Last year, I got together with a few friends and spent most Friday nights in November and December crafting. What started as just another idea turned into the most fun I had had in a while, with impressive results and a lot of handmade presents. There were decorated wooden blocks, crocheted Christmas puddings, papercrafts, and enough plum and fig jam to last some of us all year!
I got more crochet done than I expected, and even managed to sell a few decorative items. Despite a whole lot of good intentions, I started slacking immediately afterwards though, so instead of getting obscenely rich by selling those Christmas puddings at every church fair this year, I’ll have to start from scratch again. Of all the things I made over the last few months, this bag for my niece is my favourite:
After my daughter’s granny blanket, this is only the second project I’ve freestyled. Usually I can’t get far without a pattern, but a bag seemed straightforward enough. I’m very pleased with the result, and the few things that I could have done better can be easily incorporated into the ones that all the other little girls in my life will be getting this year. Now, my bag is not so unique as to deserve its own copyrighted pattern, since there are probably patterns around for pretty much the same thing. I had a look at a lot of crochet websites and ended up mixing aspects of different designs, cherry picking my favourites. If you want to be on the safe side, you’ll find a properly written pattern quickly enough (Crochet Me and Lion Brand are always good for browsing), but if you want to personalise your present a bit, let me tell you how I did it.
- First, decide which granny pattern to go with. There are whole books written on the subject, but again, the internet is your friend for free and cheap ideas. I was tired of the plain squares and found a pattern for flowery squares in a magazine. (Easier to access, and even prettier, are these squares from Le Monde De Sucrette.) Have a good look around until you find a pattern that is perfect for your project. Anything square goes!
- If you’re more patient than me, make more than the twelve squares I used for my bag. Once you’ve figured your square pattern out, they should be done quite quickly, but then there’s always that pesky, time-consuming sewing. Twelve squares crocheted with a 3.5 mm hook should make a bag about 8 inches wide and 6 inches high. Perfect for little girls and grown women with uncluttered lives.
- Sew the squares together to make two 2 x 3 panels.
- With your main color, make any number of chain stitches to form the desired width of your strap.

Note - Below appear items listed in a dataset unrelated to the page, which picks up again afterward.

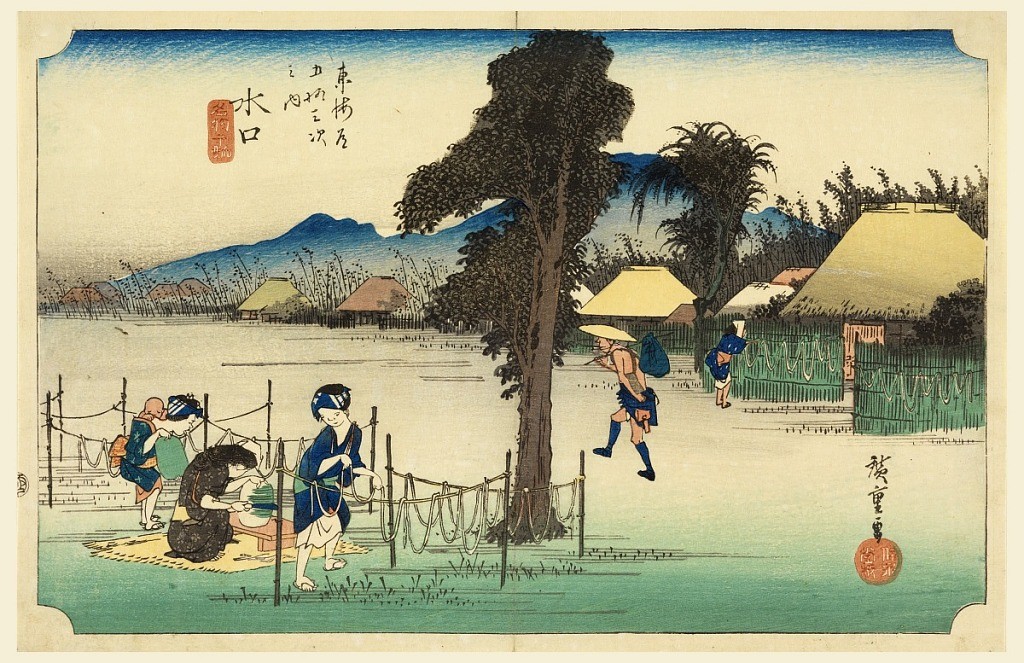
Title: Minakuchi, in The Fifty-Three Stations of the Tokaido Road (Tokaido Gojusan Tsugi-no Uchi)
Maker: Ando Hiroshige, Japanese, 1797–1858
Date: ca. 1834
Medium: Woodblock print (ukiyo-e) on mulberry paper (washi), ink with color
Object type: Print
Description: Lower left, two women are preparing sliced gourd (kampyo). A third has baby on her back. Center, tree and beyond is village amid bamboos with fences on which sliced gourd is hanging. Upper half, mountains.

Turn, and beginning with a chain, single crochet into each stitch. Keep going until your strap is long enough. This is where my impatience got the better of me, and time and wool were running out. Do make it long enough! Ideally, you should make a strap to go over the shoulder of the wearer. Mine’s shorter, but the bag is still cute.
- If you’re a perfectionist, you might want to line the bag with fabric. I have no idea how to do this, so I didn’t. The gaps in my granny squares weren’t too big, so things will stay inside the bag even without lining.
- Slip stitch, single crochet or sew the strap to your panels. I sewed them together to make it neater. It’s easy enough to see the corresponding stitches on both panel and strap, and the seam will be as good as invisible. Start on the top corner of one panel and go around, then do the same on the back of the bag. Use safety pins to make it align properly.
- Slip stitch, single crochet or sew the ends of the strap together.
- Lastly, sew a button to the front of the bag and crochet a short chain on the back to make a loop. This will help the bag stay in shape, especially if you don’t line it with fabric. Depending on the yarn, crochet work can be quite floppy, and you want your bag to look presentable. Also, it’s practical, and you get to use a button. You know you want to!
It’s probably bad luck to give an empty bag as a gift, so put something in it. This has the added bonus of padding your bag and showing it in its full glory. Bags of sweets are a winner for nieces and the like, whereas a crocheted purse would be an opportunity to show off even more when giving your bag to an adult. (Remember to put a coin in that, because it’s bad luck not to…)
Happy hooking, crochet-minded people! You’ll make someone very happy with your crafty presents.